Items listed in a dataset:

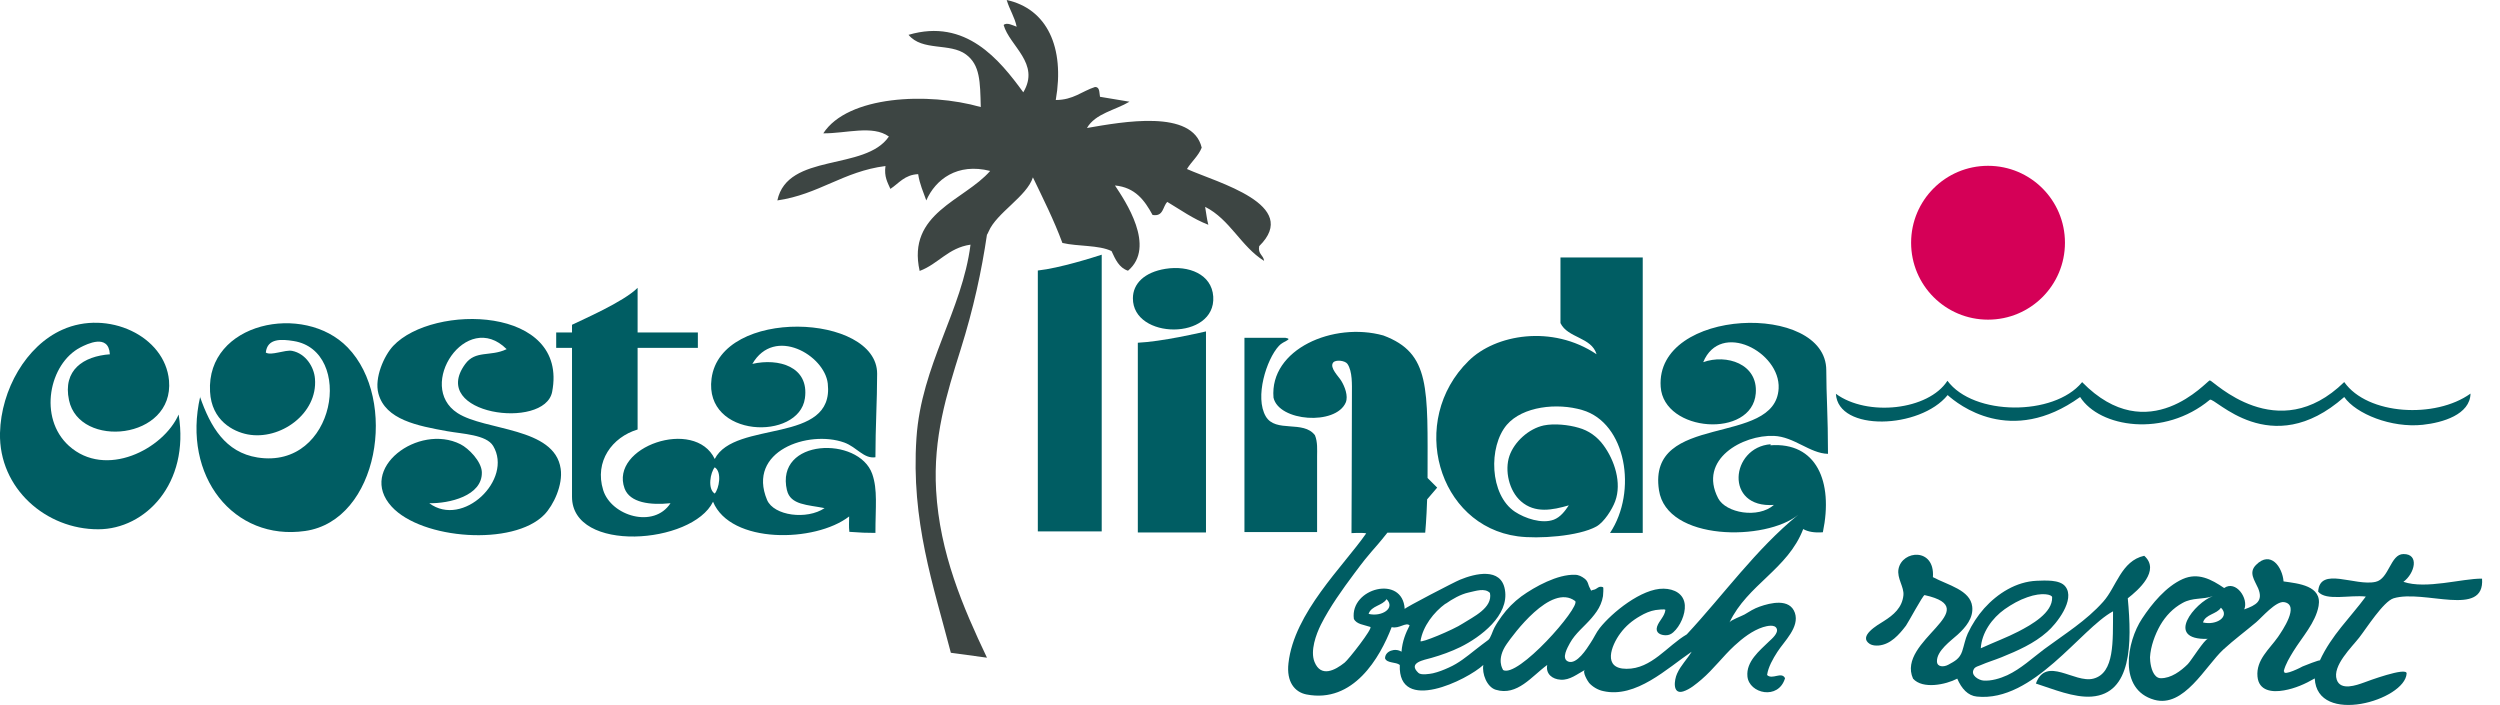 <svg width="117" height="33" viewBox="0 0 117 33" fill="none" xmlns="http://www.w3.org/2000/svg">
<g clip-path="url(#clip0_393_1018)">
<path fill-rule="evenodd" clip-rule="evenodd" d="M47.11 0C49 0.41 49.84 2.21 49.41 4.68C50.23 4.68 50.63 4.27 51.25 4.07C51.48 4.07 51.44 4.34 51.48 4.53C51.94 4.6 52.4 4.69 52.86 4.76C52.19 5.16 51.26 5.31 50.87 5.99C52.55 5.7 55.81 5.1 56.24 6.91C56.08 7.31 55.76 7.56 55.55 7.91C56.98 8.55 60.9 9.58 58.93 11.52C58.86 11.9 59.13 11.93 59.16 12.21C58.07 11.53 57.57 10.27 56.4 9.68C56.45 9.96 56.48 10.26 56.55 10.52C55.83 10.24 55.25 9.82 54.63 9.45C54.41 9.66 54.46 10.15 53.94 10.06C53.57 9.38 53.13 8.77 52.18 8.68C52.65 9.39 54.12 11.55 52.79 12.67C52.37 12.53 52.2 12.14 52.02 11.75C51.42 11.46 50.44 11.54 49.72 11.37C49.32 10.29 48.82 9.3 48.34 8.3C48.06 9.19 46.64 9.96 46.27 10.83C46.26 10.86 46.19 11 46.19 10.98C45.94 12.68 45.56 14.44 44.96 16.35C44.29 18.48 43.67 20.47 43.81 22.95C43.98 25.89 45.06 28.4 46.19 30.78C45.63 30.7 45.07 30.63 44.5 30.55C43.68 27.39 42.63 24.38 42.89 20.5C43.12 17.08 45.03 14.54 45.42 11.45C44.37 11.6 43.92 12.35 43.04 12.68C42.43 9.97 45.13 9.39 46.34 8C44.8 7.61 43.78 8.4 43.35 9.38C43.21 8.98 43.04 8.62 42.97 8.15C42.33 8.18 42.07 8.58 41.67 8.84C41.54 8.54 41.37 8.27 41.44 7.77C39.47 8.02 38.32 9.1 36.38 9.38C36.86 7.13 40.49 8.02 41.6 6.39C40.84 5.84 39.6 6.25 38.53 6.24C39.67 4.48 43.42 4.3 45.9 5.01C45.87 3.82 45.87 3.04 45.21 2.55C44.46 1.99 43.16 2.41 42.52 1.63C45.2 0.84 46.78 2.8 47.89 4.32C48.7 2.97 47.25 2.16 46.97 1.17C47.12 1.03 47.4 1.19 47.58 1.25C47.48 0.78 47.25 0.46 47.12 0.02" fill="#3D4543"/>
<path fill-rule="evenodd" clip-rule="evenodd" d="M51.56 11.92C51.19 12.04 49.59 12.55 48.57 12.66V24.87H51.56V11.91V11.92Z" fill="#005D63"/>
<path fill-rule="evenodd" clip-rule="evenodd" d="M76.88 12.05V24.94H75.35C76.64 23 76.11 19.79 74.05 19.19C72.87 18.84 71.26 19.02 70.52 19.88C69.65 20.9 69.71 23.16 70.9 23.95C71.37 24.26 72.16 24.53 72.72 24.32C73.03 24.2 73.24 23.92 73.42 23.65C72.66 23.87 71.84 24.04 71.18 23.46C70.62 22.97 70.41 22.02 70.64 21.34C70.87 20.67 71.55 20.06 72.25 19.91C72.74 19.81 73.41 19.88 73.88 20.02C74.35 20.15 74.74 20.43 75.03 20.82C75.56 21.53 75.91 22.6 75.59 23.46C75.45 23.84 75.07 24.44 74.71 24.64C73.88 25.1 71.99 25.23 71.03 25.1C67.29 24.6 65.88 19.69 68.73 16.89C69.98 15.65 72.64 15.18 74.72 16.58C74.48 15.77 73.37 15.83 73.03 15.12V12.05H76.87H76.88Z" fill="#005D63"/>
<path fill-rule="evenodd" clip-rule="evenodd" d="M54.55 12.58C55.63 12.41 56.71 12.83 56.78 13.88C56.91 15.94 53.01 15.9 53.02 13.96C53.02 13.28 53.55 12.74 54.55 12.58Z" fill="#005D63"/>
<path fill-rule="evenodd" clip-rule="evenodd" d="M23.71 16.34C21.83 14.46 19.45 18.06 21.41 19.33C22.7 20.17 25.96 19.98 26.24 21.94C26.35 22.69 25.91 23.64 25.47 24.09C24.02 25.57 19.74 25.25 18.33 23.71C16.7 21.93 19.59 19.8 21.55 20.79C21.93 20.98 22.53 21.59 22.55 22.09C22.59 23.21 21.01 23.57 20.09 23.55C21.66 24.72 24.02 22.44 23.08 20.87C22.76 20.34 21.65 20.31 20.93 20.18C19.55 19.93 18.04 19.65 17.71 18.42C17.51 17.68 17.98 16.64 18.4 16.19C20.27 14.2 26.62 14.32 25.84 18.34C25.49 20.14 20.05 19.4 21.77 17.04C22.25 16.38 22.95 16.7 23.69 16.35" fill="#005D63"/>
<path fill-rule="evenodd" clip-rule="evenodd" d="M9.36 18.57C9.85 19.98 10.55 21.17 12.05 21.41C15.73 21.99 16.59 16.41 13.74 15.96C13.18 15.87 12.51 15.82 12.44 16.5C12.69 16.66 13.33 16.36 13.67 16.42C14.32 16.55 14.7 17.19 14.74 17.72C14.88 19.36 13.11 20.62 11.59 20.33C10.91 20.2 9.9 19.68 9.83 18.33C9.65 15.09 14.22 14.14 16.27 16.26C18.64 18.7 17.72 24.36 14.28 24.85C10.94 25.33 8.51 22.29 9.37 18.56" fill="#005D63"/>
<path fill-rule="evenodd" clip-rule="evenodd" d="M5.14 16.57C5.08 15.6 4.07 16.1 3.76 16.26C2.3 17.02 1.78 19.55 3.22 20.86C4.94 22.42 7.65 21.02 8.36 19.4C8.89 22.64 6.79 24.77 4.6 24.77C2.17 24.78 -0.06 22.87 -3.69222e-05 20.26C0.05 18.23 1.23 16.18 2.92 15.43C5.03 14.48 7.72 15.71 7.91 17.81C8.15 20.59 3.71 21.01 3.23 18.73C2.93 17.32 3.9 16.67 5.15 16.58" fill="#005D63"/>
<path fill-rule="evenodd" clip-rule="evenodd" d="M56.44 15.51C56.19 15.57 54.36 15.99 53.25 16.04V24.92H56.44V15.51Z" fill="#005D63"/>
<path fill-rule="evenodd" clip-rule="evenodd" d="M60.16 15.81C60.54 15.88 60.06 15.95 59.85 16.19C59.27 16.82 58.71 18.59 59.24 19.49C59.7 20.27 61 19.65 61.54 20.37C61.67 20.69 61.64 21.04 61.64 21.36V24.9H58.24V15.81H60.16Z" fill="#005D63"/>
<path fill-rule="evenodd" clip-rule="evenodd" d="M97.44 17.88C100.55 21.06 103.29 17.81 103.42 17.8C103.57 17.8 106.58 20.94 109.71 17.88C110.8 19.43 113.98 19.6 115.62 18.42C115.6 19.4 114.32 19.78 113.39 19.88C111.92 20.04 110.26 19.37 109.71 18.58C106.26 21.63 103.63 18.54 103.42 18.71C101.28 20.49 98.26 20.01 97.35 18.58C94.1 20.92 91.63 18.92 91.15 18.49C89.86 20.08 86.02 20.22 85.92 18.43C87.39 19.51 90.25 19.2 91.14 17.82C92.36 19.47 96.12 19.48 97.43 17.9" fill="#005D63"/>
<path fill-rule="evenodd" clip-rule="evenodd" d="M90.46 27.01C91.17 27.39 92.21 27.61 92.3 28.39C92.36 28.93 91.99 29.36 91.62 29.7C91.3 29.99 90.63 30.46 90.65 30.96C90.66 31.23 90.98 31.22 91.18 31.11C91.49 30.94 91.71 30.83 91.83 30.48C91.92 30.21 91.97 29.91 92.09 29.65C92.29 29.22 92.55 28.82 92.86 28.47C93.49 27.77 94.36 27.22 95.32 27.18C95.69 27.17 96.4 27.11 96.66 27.45C97.14 28.06 96.24 29.2 95.81 29.57C95.19 30.12 94.43 30.45 93.67 30.76C93.35 30.89 93.01 30.99 92.69 31.13C92.58 31.18 92.44 31.2 92.38 31.31C92.2 31.6 92.6 31.83 92.82 31.85C93.19 31.88 93.61 31.75 93.94 31.6C94.58 31.3 95.11 30.8 95.67 30.38C96.63 29.67 97.64 29.05 98.43 28.16C99.05 27.47 99.27 26.25 100.35 26.01C101.12 26.7 100.07 27.62 99.58 28C99.78 30.13 99.76 32.46 97.89 32.6C97.06 32.66 96.09 32.25 95.28 31.99C95.76 30.68 97.08 31.99 97.97 31.76C98.97 31.5 98.88 30 98.89 28.61C97.37 29.43 95.16 32.87 92.52 32.6C92.1 32.56 91.8 32.23 91.6 31.76C91.07 32.04 89.98 32.27 89.53 31.76C88.73 29.98 93 28.5 90.07 27.85C90 27.84 89.29 29.16 89.2 29.28C88.88 29.7 88.48 30.16 87.92 30.21C87.78 30.22 87.63 30.21 87.51 30.14C86.94 29.78 87.87 29.25 88.16 29.07C88.62 28.78 89.02 28.44 89.08 27.86C89.12 27.47 88.77 27.07 88.85 26.63C89.02 25.74 90.56 25.62 90.46 27.01ZM92.7 30.34C93.36 30.04 93.95 29.82 94.45 29.56C95.07 29.24 96.07 28.68 96.04 27.95C96.04 27.83 95.58 27.7 94.88 27.95C94.5 28.08 94.15 28.28 93.82 28.51C93.23 28.93 92.74 29.61 92.7 30.35" fill="#005D63"/>
<path fill-rule="evenodd" clip-rule="evenodd" d="M106.9 31.43C106.87 31.65 107.74 31.21 107.76 31.19C107.82 31.16 108.59 30.86 108.57 30.91C109.11 29.73 109.99 28.91 110.72 27.92C109.99 27.83 108.86 28.14 108.49 27.69C108.56 26.49 110.22 27.45 111.18 27.23C111.81 27.09 111.87 25.93 112.48 25.93C113.24 25.92 113.01 26.84 112.48 27.23C113.54 27.59 115.22 27.07 116.16 27.08C116.3 28.93 113.45 27.57 112.02 28C111.54 28.15 110.74 29.42 110.41 29.84C110.07 30.28 109.14 31.16 109.36 31.81C109.54 32.34 110.28 32.07 110.64 31.94C110.77 31.89 112.65 31.19 112.63 31.52C112.56 32.77 108.44 33.98 108.33 31.75C107.88 32.01 107.41 32.22 106.89 32.31C106.34 32.41 105.71 32.34 105.65 31.66C105.58 30.88 106.21 30.38 106.61 29.81C106.8 29.53 107.65 28.31 106.9 28.18C106.52 28.11 105.84 28.91 105.59 29.12C105.08 29.55 104.54 29.95 104.05 30.4C103.21 31.18 102.21 33.14 100.82 32.75C99.12 32.27 99.53 30.03 100.25 28.95C100.71 28.25 101.37 27.45 102.15 27.1C102.87 26.78 103.49 27.11 104.09 27.52C104.64 27.13 105.25 28.02 105.03 28.52C105.59 28.32 105.93 28.13 105.68 27.53C105.52 27.16 105.22 26.8 105.58 26.44C106.27 25.74 106.82 26.55 106.87 27.21C107.57 27.31 108.68 27.41 108.51 28.36C108.37 29.14 107.73 29.83 107.33 30.48C107.16 30.76 106.96 31.08 106.88 31.41M100.89 31.64C100.95 31.7 101.03 31.74 101.12 31.74C101.6 31.75 102.07 31.4 102.39 31.08C102.54 30.93 103.18 29.9 103.33 29.9C101.26 29.96 102.74 28.19 103.56 27.9C103.09 28.07 102.62 27.95 102.14 28.22C101.7 28.46 101.35 28.83 101.1 29.26C100.85 29.7 100.65 30.25 100.62 30.76C100.62 30.96 100.67 31.43 100.89 31.64ZM103.1 29.13C103.73 29.28 104.37 28.86 103.94 28.44C103.74 28.75 103.22 28.74 103.1 29.13Z" fill="#005D63"/>
<path fill-rule="evenodd" clip-rule="evenodd" d="M96.64 11.36C96.64 13.35 95.03 14.96 93.04 14.96C91.05 14.96 89.44 13.35 89.44 11.36C89.44 9.37 91.05 7.76 93.04 7.76C95.03 7.76 96.64 9.37 96.64 11.36Z" fill="#D50057"/>
<path fill-rule="evenodd" clip-rule="evenodd" d="M36.83 22.94C36.99 23.64 37.8 23.62 38.59 23.78C37.76 24.34 36.22 24.14 35.9 23.4C34.94 21.11 37.83 20.11 39.51 20.71C40.11 20.93 40.42 21.48 40.97 21.4C40.97 19.99 41.05 18.75 41.05 17.49C41.05 14.67 33.73 14.36 33.3 17.72C32.94 20.51 37.39 20.64 37.67 18.64C37.88 17.15 36.43 16.75 35.21 17.03C36.24 15.25 38.59 16.62 38.74 17.95C39.06 20.82 34.39 19.64 33.45 21.48C32.52 19.53 28.52 20.91 29.23 22.86C29.48 23.53 30.43 23.65 31.38 23.55C30.6 24.75 28.61 24.15 28.23 22.94C27.81 21.59 28.65 20.46 29.84 20.1C29.84 18.88 29.84 17.43 29.84 16.28H32.66V15.56H29.84C29.84 14.91 29.84 14.04 29.84 13.47C29.19 14.13 27.21 14.98 26.77 15.2V15.56H26.03V16.28H26.77V23.25C26.77 25.9 32.4 25.48 33.37 23.48C34.19 25.47 38.15 25.4 39.74 24.17C39.74 24.45 39.72 24.64 39.75 24.89C40.26 24.93 40.58 24.94 40.97 24.94C40.97 23.72 41.08 22.92 40.82 22.18C40.19 20.4 36.26 20.51 36.83 22.95M33.45 23.1C33.1 22.88 33.25 22.1 33.45 21.87C33.8 22.09 33.65 22.87 33.45 23.1Z" fill="#005D63"/>
<path d="M82.87 20.79C80.99 20.93 80.69 23.8 83.02 23.63C82.28 24.28 80.77 24.01 80.41 23.32C79.46 21.49 81.57 20.34 83.02 20.4C83.97 20.44 84.7 21.22 85.55 21.24C85.55 19.46 85.47 18.47 85.47 17.33C85.47 14.13 77.47 14.39 77.72 18.1C77.86 20.24 82 20.53 82.17 18.41C82.28 17.02 80.79 16.56 79.71 16.95C80.52 14.99 83.33 16.48 83.24 18.18C83.09 20.93 77.08 19.26 77.64 22.94C78 25.34 82.65 25.33 84.16 24.09C82.17 25.71 80.68 27.82 78.94 29.69C78.03 30.22 77.29 31.31 76.12 31.3C74.99 31.3 75.4 30.22 75.83 29.64C76.08 29.3 76.39 29.04 76.76 28.83C76.98 28.7 77.23 28.59 77.48 28.55C77.52 28.55 77.95 28.48 77.94 28.55C77.9 28.86 77.64 29.05 77.55 29.33C77.46 29.62 77.72 29.73 77.96 29.73C78.1 29.73 78.21 29.68 78.31 29.59C78.63 29.31 78.88 28.75 78.85 28.32C78.81 27.79 78.36 27.56 77.86 27.55C76.83 27.53 75.43 28.68 74.87 29.39C74.7 29.6 74.59 29.87 74.43 30.1C74.27 30.35 73.79 31.12 73.39 30.96C73.05 30.82 73.37 30.29 73.47 30.1C73.72 29.64 74.16 29.31 74.49 28.92C74.66 28.72 74.81 28.52 74.91 28.28C74.96 28.16 75 28.03 75.02 27.9C75.02 27.85 75.06 27.49 75.02 27.48C74.81 27.4 74.75 27.57 74.59 27.6C74.39 27.64 74.51 27.7 74.41 27.53C74.31 27.36 74.34 27.22 74.16 27.08C74.03 26.98 73.88 26.9 73.71 26.9C72.9 26.87 71.84 27.45 71.2 27.91C70.85 28.17 70.54 28.48 70.28 28.84C70.15 29.02 70.03 29.2 69.93 29.39C69.86 29.52 69.76 29.87 69.65 29.95C69.44 30.1 69.23 30.27 69.02 30.43C68.63 30.74 68.26 31.04 67.81 31.24C67.57 31.35 67.32 31.45 67.06 31.51C66.91 31.54 66.5 31.61 66.38 31.49C65.87 31.01 66.64 30.89 66.99 30.79C67.45 30.66 67.92 30.49 68.35 30.28C69.28 29.82 70.64 28.81 70.43 27.6C70.25 26.54 69.03 26.84 68.33 27.13C68.1 27.22 65.73 28.45 65.74 28.5C65.65 26.88 63.17 27.52 63.36 28.96C63.48 29.22 63.84 29.24 64.13 29.34C64.27 29.39 63.1 30.88 62.93 31.01C62.48 31.37 61.82 31.72 61.52 30.98C61.31 30.46 61.59 29.69 61.82 29.23C62.24 28.4 62.82 27.59 63.38 26.84C64.24 25.68 64.17 25.89 64.93 24.93C65.53 24.93 66.7 24.93 66.7 24.93C66.7 24.93 66.76 24.3 66.79 23.37L67.26 22.82L66.81 22.37C66.81 18.16 66.96 16.53 64.74 15.7C62.41 15.05 59.41 16.34 59.6 18.61C59.85 19.73 62.51 19.92 62.98 18.84C63.11 18.53 62.93 18.08 62.77 17.82C62.66 17.63 62.21 17.21 62.39 16.97C62.5 16.82 62.95 16.87 63.06 17.03C63.3 17.38 63.27 18.02 63.27 18.42C63.27 20.65 63.25 24.95 63.25 24.95C63.25 24.95 63.74 24.92 63.94 24.96C62.87 26.5 60.56 28.68 60.3 31.04C60.2 31.91 60.59 32.39 61.14 32.5C63.34 32.93 64.58 30.78 65.13 29.35C65.48 29.44 65.8 29.1 65.97 29.27C65.79 29.62 65.63 30 65.59 30.5C65.3 30.31 64.82 30.46 64.82 30.81C64.91 31.05 65.33 30.97 65.51 31.12C65.42 33.42 68.67 31.82 69.42 31.12C69.35 31.52 69.58 32.15 70 32.28C71.01 32.59 71.69 31.64 72.41 31.12C72.33 31.54 72.65 31.79 73.04 31.81C73.47 31.84 73.82 31.54 74.18 31.35C74.03 31.43 74.31 31.89 74.37 31.96C74.53 32.14 74.78 32.29 75.02 32.34C76.56 32.7 78.03 31.27 79.17 30.5C78.96 30.85 78.66 31.14 78.49 31.52C78.35 31.82 78.26 32.51 78.77 32.36C79.09 32.26 79.38 32.01 79.63 31.8C80.19 31.32 80.63 30.72 81.17 30.22C81.55 29.87 82.01 29.51 82.51 29.35C82.68 29.3 83.06 29.2 83.15 29.42C83.24 29.63 82.92 29.9 82.79 30.02C82.35 30.45 81.71 30.96 81.78 31.66C81.86 32.46 83.23 32.78 83.54 31.74C83.38 31.41 82.94 31.83 82.7 31.59C82.75 31.22 82.98 30.82 83.18 30.51C83.5 30.01 84.23 29.35 84 28.68C83.76 27.99 82.86 28.21 82.35 28.39C82.09 28.48 81.87 28.62 81.64 28.76C81.52 28.83 80.99 29.02 80.94 29.13C81.78 27.36 83.67 26.64 84.39 24.76C84.62 24.89 84.92 24.94 85.31 24.91C85.81 22.52 85 20.68 82.85 20.84M67.65 28.26C67.96 28.04 68.36 27.81 68.73 27.73C69.06 27.66 69.49 27.5 69.73 27.75C69.87 28.45 68.94 28.87 68.46 29.18C68.01 29.48 66.46 30.12 66.48 30C66.59 29.31 67.1 28.65 67.65 28.25M64.05 28.73C64.18 28.34 64.7 28.35 64.89 28.04C65.32 28.46 64.67 28.88 64.05 28.73ZM70.34 31.34C70.34 31.34 70 30.87 70.52 30.13C70.8 29.73 72.58 27.27 73.72 28.13C73.97 28.41 71.01 31.79 70.33 31.35" fill="#005D63"/>
</g>
<defs>
<clipPath id="clip0_393_1018">
<rect width="116.17" height="33" fill="white"/>
</clipPath>
</defs>
</svg>

— Goal of the exercise —
Scan the entries above. Copy each line that has the string "clipPath".

— Exercise output —
<clipPath id="clip0_393_1018">
</clipPath>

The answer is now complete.